Five minutes now. He looked at the face of his watch so long he thought he could hear its tick. The tables emptied around him, almost everyone stood in line for the buffet, and though he was hungry he couldn’t even think of eating now. In four minutes, he would make his way. If he could smoke to calm his nerves. If he could drop by the bar for just a shot. An old man looking at him waved him over. Amar turned to see if there was someone else he could be calling, but the man smiled and pointed at him, as if to say yes, you.
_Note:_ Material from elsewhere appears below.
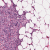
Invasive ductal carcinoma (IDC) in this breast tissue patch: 1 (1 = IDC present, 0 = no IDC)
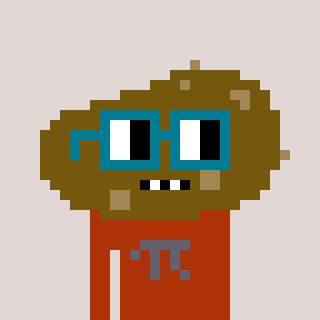
a pixel art character with square dark green glasses, a potato-shaped head and a hotbrown-colored body on a warm background

He rested his hands on a cane and nodded as Amar approached him, then gestured to the empty seat. Amar pretended to not notice and stayed standing, waiting for the old man to speak.
“You are Rafiq’s boy. I have not seen you for years—do you remember me?”
Amar had never seen him before.
“You were this much when I visited.” He indicated with his hand a foot off the floor and he said, wagging a finger, “You were a badmash boy—you would tease and tease your Mumma Baba and if they even looked at you like they were about to scold you, you would cry. I am an old friend of your dada’s. You look like your grandfather. You stand like him too. The way you twist your wrist to look at your watch—your dada did just that. I called you over to look closely. Remarkable. Your father has a shadow of his father’s features, but you are a copy. Has he ever told you that?”
Amar shook his head. Four minutes, but he took a seat. He had never met his dada, or anyone who knew him, other than his father. As a child, Amar thought of his father orphaned young and could not imagine how he had managed to move through the world alone that early. Amar listened as the old man explained how he had flown in from Arizona with his young grandson Jawad, just to attend the wedding of his oldest friend’s granddaughter.
“It’s a hard blow, losing a friend. You are too young to know it. And your grandfather was very young when he died. Your father still a boy. Not only do you lose a friend, but you realize, for the first time, that you too are close to death.”
Amar thought of Abbas, stepping forward to bear the brunt of Seema Aunty’s anger at a window Amar had broken, even after Seema Aunty had threatened Abbas that he would have to pay for it from the little he had saved.
“What was it like for my father after my grandfather died?”